Pages

Thursday, April 5, 2012

In the Blogosphere, Econ Looks Macro


I’m mainly a microeconomist.  There are lots of folks like me.  I don’t know the percentages, but surely microeconomists make up a large proportion of the global econ profession.  Lots of important ideas and empirical discoveries are flowing through the micro pipeline all the time.

Yet if you didn’t know anything else about economics other than what you read in the blogosphere, you’d think that most economists were on the macro side, that the main schools of thought in macro determine how we are sorted intellectually, that the real-world importance of economics is mainly about economic growth, employment, inflation, etc., and that macro is where the new ideas are.

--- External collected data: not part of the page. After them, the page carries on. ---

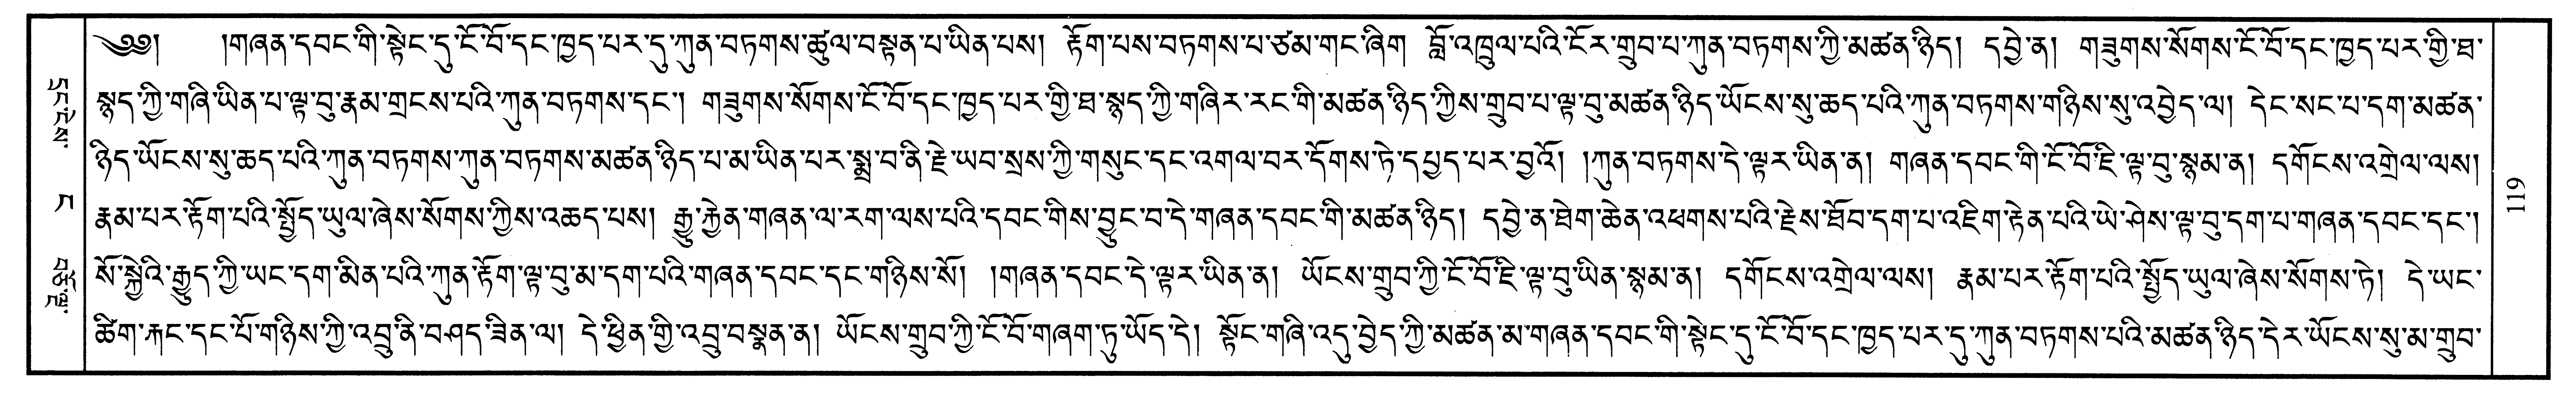༄༅། །གཞན་དབང་གི་སྟེང་དུ་ངོ་བོ་དང་ཁྱད་པར་དུ་ཀུན་བཏགས་ཚུལ་བསྟན་པ་ཡིན་པས། རྟོག་པས་བཏགས་པ་ཙམ་གང་ཞིག་བློ་འཁྲུལ་པའི་ངོར་གྲུབ་པ་ཀུན་བཏགས་ཀྱི་མཚན་ཉིད། དབྱེ་ན། གཟུགས་སོགས་ངོ་བོ་དང་ཁྱད་པར་གྱི་ཐ་
སྙད་ཀྱི་གཞི་ཡིན་པ་ལྟ་བུ་རྣམ་གྲངས་པའི་ཀུན་བཏགས་དང་། གཟུགས་སོགས་ངོ་བོ་དང་ཁྱད་པར་གྱི་ཐ་སྙད་ཀྱི་གཞིར་རང་གི་མཚན་ཉིད་ཀྱིས་གྲུབ་པ་ལྟ་བུ་མཚན་ཉིད་ཡོངས་སུ་ཆད་པའི་ཀུན་བཏགས་གཉིས་སུ་འབྱེད་ལ། དེང་སང་པ་དག་མཚན་
ཉིད་ཡོངས་སུ་ཆད་པའི་ཀུན་བཏགས་ཀུན་བཏགས་མཚན་ཉིད་པ་མ་ཡིན་པར་སྨྲ་བ་ནི་རྗེ་ཡབ་སྲས་ཀྱི་གསུང་དང་འགལ་བར་དོགས་ཏེ་དཔྱད་པར་བྱའོ། །ཀུན་བཏགས་དེ་ལྟར་ཡིན་ན། གཞན་དབང་གི་ངོ་བོ་ཇི་ལྟ་བུ་སྙམ་ན། དགོངས་འགྲེལ་ལས།
རྣམ་པར་རྟོག་པའི་སྤྱོད་ཡུལ་ཞེས་སོགས་ཀྱིས་འཆད་པས། རྒྱུ་རྐྱེན་གཞན་ལ་རག་ལས་པའི་དབང་གིས་བྱུང་བ་དེ་གཞན་དབང་གི་མཚན་ཉིད། དབྱེ་ན་ཐེག་ཆེན་འཕགས་པའི་རྗེས་ཐོབ་དག་པ་འཇིག་རྟེན་པའི་ཡེ་ཤེས་ལྟ་བུ་དག་པ་གཞན་དབང་དང་།
སོ་སྐྱེའི་རྒྱུད་ཀྱི་ཡང་དག་མིན་པའི་ཀུན་རྟོག་ལྟ་བུ་མ་དག་པའི་གཞན་དབང་དང་གཉིས་སོ། །གཞན་དབང་དེ་ལྟར་ཡིན་ན། ཡོངས་གྲུབ་ཀྱི་ངོ་བོ་ཇི་ལྟ་བུ་ཡིན་སྙམ་ན། དགོངས་འགྲེལ་ལས། རྣམ་པར་རྟོག་པའི་སྤྱོད་ཡུལ་ཞེས་སོགས་ཏེ། དེ་ཡང་
ཚིག་རྐང་དང་པོ་གཉིས་ཀྱི་འབྲུ་ནི་བཤད་ཟིན་ལ། དེ་ཕྱིན་གྱི་འབྲུ་བསྣན་ན། ཡོངས་གྲུབ་ཀྱི་ངོ་བོ་གཞག་ཏུ་ཡོད་དེ། སྟོང་གཞི་འདུ་བྱེད་ཀྱི་མཚན་མ་གཞན་དབང་གི་སྟེང་དུ་ངོ་བོ་དང་ཁྱད་པར་དུ་ཀུན་བཏགས་པའི་མཚན་ཉིད་དེར་ཡོངས་སུ་མ་གྲུབ་

How come?  Is it because the financial crisis and its global consequences, like the bitter politics of fiscal budgets, are currently at center stage?  Or because the news cycle in macro is so much faster, with new data points popping up every day?  Or is it because the ideological implications of macroeconomic disputes are more apparent than most micro dustups?  Or because key players, like Mark Thoma (who should wear a headband saying “I am a public good”) and Paul Krugman, are mainly macro?

Actually, there are huge things happening on the micro side of the aisle.  Climate change remains one of the world’s fundamental challenges, the battle against mass poverty has taken a micro-ish turn, and a slow-mo intellectual drama of vast significance is taking place in welfare economics—it’s crumbling under the weight of behavioral econ and related threats.  Applied micro is largely on autopilot, so theoretical developments are mostly out of view, but the whole idea of the blogosphere is that everything is potentially in view.

How do we get to where millions of online readers feel the day is not complete without a dose of microeconomic controversy, or that their vocabulary is missing something if it doesn’t include network externalities and subgame perfection?